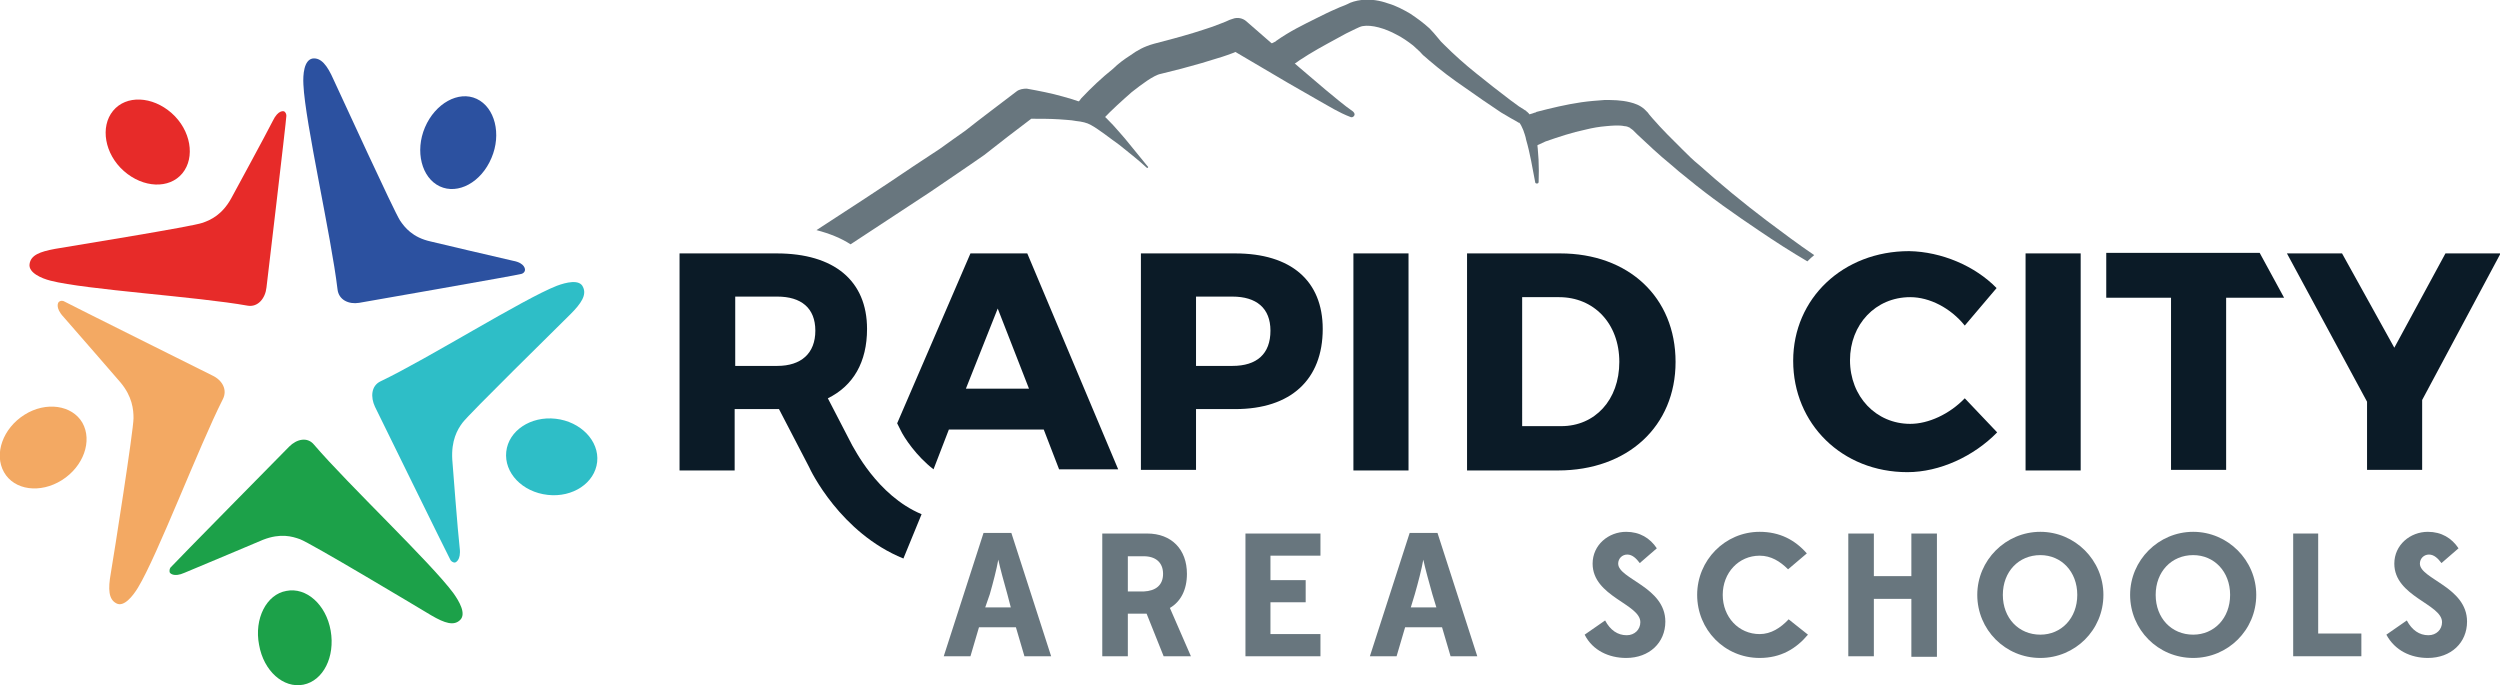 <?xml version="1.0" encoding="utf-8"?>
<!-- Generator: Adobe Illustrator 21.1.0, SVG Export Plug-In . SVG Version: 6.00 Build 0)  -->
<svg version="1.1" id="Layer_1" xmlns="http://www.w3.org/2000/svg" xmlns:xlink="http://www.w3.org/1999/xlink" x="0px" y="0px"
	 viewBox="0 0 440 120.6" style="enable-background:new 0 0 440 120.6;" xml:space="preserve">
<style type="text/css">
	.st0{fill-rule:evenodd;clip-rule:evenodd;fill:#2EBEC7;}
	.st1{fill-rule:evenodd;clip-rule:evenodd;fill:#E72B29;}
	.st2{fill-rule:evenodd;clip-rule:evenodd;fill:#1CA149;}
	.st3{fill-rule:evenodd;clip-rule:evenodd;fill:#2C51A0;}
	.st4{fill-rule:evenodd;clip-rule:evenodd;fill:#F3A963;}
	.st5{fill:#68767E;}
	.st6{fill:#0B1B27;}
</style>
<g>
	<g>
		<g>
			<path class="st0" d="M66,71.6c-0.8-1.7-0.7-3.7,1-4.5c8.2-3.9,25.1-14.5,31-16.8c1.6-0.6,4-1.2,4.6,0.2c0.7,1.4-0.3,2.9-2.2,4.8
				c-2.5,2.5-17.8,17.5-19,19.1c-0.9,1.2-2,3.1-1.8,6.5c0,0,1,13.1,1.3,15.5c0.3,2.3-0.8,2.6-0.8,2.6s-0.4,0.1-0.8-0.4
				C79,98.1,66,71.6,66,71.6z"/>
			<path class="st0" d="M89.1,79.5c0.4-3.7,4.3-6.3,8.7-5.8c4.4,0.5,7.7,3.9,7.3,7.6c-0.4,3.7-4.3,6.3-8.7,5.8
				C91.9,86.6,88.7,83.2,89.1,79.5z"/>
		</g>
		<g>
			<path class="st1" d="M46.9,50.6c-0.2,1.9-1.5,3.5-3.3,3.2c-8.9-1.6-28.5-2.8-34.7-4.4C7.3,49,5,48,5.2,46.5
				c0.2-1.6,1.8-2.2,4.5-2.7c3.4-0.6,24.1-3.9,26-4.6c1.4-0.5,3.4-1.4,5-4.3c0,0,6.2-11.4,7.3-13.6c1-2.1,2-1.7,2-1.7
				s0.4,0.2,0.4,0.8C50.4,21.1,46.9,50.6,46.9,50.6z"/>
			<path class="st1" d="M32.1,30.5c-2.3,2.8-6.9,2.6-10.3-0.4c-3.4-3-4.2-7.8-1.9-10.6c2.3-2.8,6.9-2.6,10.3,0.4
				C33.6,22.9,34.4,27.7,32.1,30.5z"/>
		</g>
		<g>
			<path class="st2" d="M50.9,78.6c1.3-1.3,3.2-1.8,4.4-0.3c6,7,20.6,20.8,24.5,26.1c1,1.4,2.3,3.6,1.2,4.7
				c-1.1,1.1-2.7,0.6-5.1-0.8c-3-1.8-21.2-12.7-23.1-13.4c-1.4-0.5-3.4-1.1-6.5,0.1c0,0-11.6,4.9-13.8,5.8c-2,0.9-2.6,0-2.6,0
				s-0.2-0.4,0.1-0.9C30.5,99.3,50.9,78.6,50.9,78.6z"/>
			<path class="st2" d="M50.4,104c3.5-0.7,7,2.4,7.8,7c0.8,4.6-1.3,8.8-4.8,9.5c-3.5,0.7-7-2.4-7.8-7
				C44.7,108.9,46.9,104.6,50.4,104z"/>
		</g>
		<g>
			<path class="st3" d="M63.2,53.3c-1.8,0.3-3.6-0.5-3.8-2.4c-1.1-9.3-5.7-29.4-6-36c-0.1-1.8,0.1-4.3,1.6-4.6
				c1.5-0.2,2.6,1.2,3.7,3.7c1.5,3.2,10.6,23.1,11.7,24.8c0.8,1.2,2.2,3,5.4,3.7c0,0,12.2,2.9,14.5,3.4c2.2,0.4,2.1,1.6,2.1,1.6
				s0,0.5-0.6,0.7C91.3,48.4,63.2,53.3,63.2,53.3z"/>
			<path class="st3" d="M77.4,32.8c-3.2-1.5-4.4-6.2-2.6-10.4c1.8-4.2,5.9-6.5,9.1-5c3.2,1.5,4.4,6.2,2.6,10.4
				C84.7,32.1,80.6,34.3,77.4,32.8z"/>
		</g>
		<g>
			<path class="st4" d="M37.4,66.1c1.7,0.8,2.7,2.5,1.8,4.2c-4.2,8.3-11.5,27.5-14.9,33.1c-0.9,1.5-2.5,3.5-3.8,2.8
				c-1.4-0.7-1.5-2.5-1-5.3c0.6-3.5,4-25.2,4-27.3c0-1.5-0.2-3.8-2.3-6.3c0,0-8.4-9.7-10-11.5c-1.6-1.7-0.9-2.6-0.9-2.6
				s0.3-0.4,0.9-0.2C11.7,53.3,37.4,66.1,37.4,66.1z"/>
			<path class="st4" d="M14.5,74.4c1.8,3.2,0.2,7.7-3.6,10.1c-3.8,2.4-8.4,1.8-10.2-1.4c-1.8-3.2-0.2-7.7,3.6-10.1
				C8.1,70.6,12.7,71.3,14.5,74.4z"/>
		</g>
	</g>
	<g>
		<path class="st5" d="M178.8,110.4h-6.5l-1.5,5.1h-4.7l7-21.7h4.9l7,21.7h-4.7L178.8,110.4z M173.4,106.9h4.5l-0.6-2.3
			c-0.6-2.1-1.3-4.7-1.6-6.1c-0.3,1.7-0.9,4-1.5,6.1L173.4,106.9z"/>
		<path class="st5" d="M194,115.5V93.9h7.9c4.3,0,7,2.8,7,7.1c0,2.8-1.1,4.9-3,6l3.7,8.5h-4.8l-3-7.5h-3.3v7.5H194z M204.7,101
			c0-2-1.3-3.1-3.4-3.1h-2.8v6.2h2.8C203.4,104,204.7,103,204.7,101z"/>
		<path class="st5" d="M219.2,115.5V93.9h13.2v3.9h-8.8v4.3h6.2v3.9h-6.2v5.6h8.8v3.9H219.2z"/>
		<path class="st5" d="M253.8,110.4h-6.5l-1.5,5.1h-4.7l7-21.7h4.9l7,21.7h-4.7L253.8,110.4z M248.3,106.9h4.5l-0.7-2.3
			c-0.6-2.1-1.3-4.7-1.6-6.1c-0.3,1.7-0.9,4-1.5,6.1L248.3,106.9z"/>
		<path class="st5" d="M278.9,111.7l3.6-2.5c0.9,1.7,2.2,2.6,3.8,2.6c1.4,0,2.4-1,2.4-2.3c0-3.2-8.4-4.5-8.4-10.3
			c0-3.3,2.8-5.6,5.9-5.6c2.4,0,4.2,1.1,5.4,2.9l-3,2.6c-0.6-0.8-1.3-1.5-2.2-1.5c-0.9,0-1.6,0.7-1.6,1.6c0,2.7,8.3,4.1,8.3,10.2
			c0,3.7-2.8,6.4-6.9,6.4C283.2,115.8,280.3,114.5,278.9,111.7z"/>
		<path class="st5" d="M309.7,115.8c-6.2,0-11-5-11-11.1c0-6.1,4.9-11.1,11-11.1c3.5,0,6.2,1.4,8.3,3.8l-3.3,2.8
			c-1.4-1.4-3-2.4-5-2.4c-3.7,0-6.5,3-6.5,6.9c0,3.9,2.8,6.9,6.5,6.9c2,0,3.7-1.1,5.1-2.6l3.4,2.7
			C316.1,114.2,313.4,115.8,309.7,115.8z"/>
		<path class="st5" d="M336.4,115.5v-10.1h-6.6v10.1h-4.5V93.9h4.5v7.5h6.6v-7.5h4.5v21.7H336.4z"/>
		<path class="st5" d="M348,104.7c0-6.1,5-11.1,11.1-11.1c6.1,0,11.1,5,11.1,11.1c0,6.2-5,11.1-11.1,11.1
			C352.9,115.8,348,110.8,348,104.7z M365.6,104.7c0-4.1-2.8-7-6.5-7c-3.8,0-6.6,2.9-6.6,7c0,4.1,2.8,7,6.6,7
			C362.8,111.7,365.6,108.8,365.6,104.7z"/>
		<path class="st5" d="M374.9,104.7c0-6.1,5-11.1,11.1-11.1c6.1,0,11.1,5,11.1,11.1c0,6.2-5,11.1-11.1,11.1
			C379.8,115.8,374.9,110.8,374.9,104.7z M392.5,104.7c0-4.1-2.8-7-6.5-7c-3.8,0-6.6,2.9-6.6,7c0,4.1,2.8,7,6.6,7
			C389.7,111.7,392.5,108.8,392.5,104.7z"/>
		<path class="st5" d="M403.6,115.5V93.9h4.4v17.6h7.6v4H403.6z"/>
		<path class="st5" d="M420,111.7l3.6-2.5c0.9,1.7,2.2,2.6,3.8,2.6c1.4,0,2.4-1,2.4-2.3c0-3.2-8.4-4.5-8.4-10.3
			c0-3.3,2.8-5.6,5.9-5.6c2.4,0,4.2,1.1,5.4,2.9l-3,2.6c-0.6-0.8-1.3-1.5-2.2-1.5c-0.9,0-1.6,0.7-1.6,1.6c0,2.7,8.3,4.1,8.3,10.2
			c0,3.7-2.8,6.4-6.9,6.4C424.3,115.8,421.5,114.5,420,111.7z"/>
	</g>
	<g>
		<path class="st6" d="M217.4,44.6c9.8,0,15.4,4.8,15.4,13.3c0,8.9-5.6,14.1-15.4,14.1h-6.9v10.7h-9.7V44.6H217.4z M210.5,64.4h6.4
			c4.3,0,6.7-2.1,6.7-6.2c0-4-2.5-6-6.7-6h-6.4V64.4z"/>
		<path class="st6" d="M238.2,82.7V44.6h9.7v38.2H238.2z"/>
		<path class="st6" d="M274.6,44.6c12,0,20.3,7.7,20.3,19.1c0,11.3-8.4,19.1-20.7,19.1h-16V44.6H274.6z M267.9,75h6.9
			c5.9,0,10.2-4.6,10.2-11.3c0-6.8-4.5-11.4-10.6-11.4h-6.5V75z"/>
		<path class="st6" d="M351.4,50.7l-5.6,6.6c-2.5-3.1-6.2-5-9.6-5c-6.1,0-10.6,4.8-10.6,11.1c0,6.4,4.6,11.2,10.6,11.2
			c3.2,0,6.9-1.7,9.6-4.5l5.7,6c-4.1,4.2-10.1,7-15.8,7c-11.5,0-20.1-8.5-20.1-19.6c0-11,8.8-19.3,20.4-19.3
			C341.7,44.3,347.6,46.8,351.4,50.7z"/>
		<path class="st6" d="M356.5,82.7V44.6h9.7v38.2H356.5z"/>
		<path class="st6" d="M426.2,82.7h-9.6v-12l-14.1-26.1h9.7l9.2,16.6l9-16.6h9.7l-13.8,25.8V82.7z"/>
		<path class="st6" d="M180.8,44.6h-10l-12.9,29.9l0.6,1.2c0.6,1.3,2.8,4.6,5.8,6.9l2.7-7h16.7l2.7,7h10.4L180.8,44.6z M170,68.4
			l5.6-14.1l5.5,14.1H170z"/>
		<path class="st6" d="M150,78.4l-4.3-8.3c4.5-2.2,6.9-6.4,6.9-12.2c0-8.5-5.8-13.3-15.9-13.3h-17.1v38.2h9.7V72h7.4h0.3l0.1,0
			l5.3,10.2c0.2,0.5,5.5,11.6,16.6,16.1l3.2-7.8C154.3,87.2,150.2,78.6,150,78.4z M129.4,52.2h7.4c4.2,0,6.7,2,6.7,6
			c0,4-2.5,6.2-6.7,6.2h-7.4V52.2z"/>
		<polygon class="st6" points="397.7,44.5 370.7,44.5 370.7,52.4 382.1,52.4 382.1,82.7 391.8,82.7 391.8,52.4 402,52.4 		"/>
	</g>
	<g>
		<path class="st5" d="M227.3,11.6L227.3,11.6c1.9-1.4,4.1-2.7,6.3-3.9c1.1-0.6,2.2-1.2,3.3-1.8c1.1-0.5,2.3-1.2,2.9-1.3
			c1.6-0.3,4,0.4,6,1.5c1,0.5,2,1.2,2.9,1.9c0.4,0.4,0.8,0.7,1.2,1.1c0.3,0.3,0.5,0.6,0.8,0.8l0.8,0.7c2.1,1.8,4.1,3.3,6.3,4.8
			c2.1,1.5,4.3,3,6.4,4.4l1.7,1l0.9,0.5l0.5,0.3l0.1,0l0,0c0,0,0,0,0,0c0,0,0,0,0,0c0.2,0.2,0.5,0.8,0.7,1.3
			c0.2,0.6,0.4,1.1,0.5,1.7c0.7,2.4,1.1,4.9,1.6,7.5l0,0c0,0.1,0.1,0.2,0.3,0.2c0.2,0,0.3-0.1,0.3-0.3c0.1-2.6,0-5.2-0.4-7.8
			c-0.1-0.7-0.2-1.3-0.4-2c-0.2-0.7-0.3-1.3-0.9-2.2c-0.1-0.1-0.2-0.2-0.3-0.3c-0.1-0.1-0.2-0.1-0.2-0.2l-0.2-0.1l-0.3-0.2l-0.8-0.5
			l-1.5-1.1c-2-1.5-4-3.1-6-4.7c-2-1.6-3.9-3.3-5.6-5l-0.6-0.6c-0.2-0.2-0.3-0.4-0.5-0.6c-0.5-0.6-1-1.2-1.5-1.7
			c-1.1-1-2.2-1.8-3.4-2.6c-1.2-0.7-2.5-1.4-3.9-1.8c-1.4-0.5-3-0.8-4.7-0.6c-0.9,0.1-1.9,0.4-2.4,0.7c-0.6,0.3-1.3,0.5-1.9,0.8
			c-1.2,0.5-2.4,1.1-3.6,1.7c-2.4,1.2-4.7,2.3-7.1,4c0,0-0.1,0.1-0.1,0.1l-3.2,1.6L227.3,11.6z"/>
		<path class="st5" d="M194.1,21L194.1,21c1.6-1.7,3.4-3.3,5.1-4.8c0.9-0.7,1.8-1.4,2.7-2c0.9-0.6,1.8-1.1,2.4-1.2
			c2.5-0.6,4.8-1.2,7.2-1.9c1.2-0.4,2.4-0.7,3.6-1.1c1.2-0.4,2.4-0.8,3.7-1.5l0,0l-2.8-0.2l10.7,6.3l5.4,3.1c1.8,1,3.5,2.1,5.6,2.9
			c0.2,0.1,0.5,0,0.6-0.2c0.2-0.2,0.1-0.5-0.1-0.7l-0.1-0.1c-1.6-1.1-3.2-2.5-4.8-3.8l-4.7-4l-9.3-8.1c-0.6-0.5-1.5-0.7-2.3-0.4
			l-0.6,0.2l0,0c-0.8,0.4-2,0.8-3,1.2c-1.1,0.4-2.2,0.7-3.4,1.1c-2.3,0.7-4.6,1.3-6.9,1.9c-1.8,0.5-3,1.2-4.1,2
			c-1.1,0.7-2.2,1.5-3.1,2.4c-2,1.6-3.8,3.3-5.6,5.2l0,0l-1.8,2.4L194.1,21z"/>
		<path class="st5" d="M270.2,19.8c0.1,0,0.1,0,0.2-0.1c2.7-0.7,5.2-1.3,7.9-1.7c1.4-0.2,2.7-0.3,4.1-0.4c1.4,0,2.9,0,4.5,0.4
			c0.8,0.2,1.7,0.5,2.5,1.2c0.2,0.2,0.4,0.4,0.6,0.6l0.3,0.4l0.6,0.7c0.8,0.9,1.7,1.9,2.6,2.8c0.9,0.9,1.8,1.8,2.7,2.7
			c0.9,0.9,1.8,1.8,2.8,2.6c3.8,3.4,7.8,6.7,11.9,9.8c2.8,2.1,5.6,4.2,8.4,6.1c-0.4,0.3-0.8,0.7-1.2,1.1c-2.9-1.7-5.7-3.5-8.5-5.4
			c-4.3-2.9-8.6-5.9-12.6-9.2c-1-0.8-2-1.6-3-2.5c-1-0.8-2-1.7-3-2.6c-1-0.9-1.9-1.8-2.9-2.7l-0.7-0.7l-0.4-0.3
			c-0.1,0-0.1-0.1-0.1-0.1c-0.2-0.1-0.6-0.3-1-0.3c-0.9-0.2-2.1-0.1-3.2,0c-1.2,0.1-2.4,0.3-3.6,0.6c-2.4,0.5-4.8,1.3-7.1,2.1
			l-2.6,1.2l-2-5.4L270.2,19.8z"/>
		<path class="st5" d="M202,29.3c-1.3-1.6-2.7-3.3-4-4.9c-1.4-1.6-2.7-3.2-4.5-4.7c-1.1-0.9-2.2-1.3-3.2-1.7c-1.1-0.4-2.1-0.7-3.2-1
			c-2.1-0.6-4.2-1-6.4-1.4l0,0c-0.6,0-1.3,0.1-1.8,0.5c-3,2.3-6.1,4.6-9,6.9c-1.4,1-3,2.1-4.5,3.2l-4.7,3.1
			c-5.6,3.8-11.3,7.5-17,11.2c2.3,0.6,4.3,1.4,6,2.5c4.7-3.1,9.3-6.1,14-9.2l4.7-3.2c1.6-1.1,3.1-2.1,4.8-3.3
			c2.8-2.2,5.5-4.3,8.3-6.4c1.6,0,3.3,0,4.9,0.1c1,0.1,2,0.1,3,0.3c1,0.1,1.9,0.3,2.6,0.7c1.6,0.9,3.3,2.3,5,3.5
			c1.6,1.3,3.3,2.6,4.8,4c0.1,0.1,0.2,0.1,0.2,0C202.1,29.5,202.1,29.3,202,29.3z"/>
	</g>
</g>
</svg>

▶ _WORK TO BE COMPLETED_: All lines above in which the word "rule" occurs should be identified and copied.

▶ _PROBLEM SOLUTION_:
	.st0{fill-rule:evenodd;clip-rule:evenodd;fill:#2EBEC7;}
	.st1{fill-rule:evenodd;clip-rule:evenodd;fill:#E72B29;}
	.st2{fill-rule:evenodd;clip-rule:evenodd;fill:#1CA149;}
	.st3{fill-rule:evenodd;clip-rule:evenodd;fill:#2C51A0;}
	.st4{fill-rule:evenodd;clip-rule:evenodd;fill:#F3A963;}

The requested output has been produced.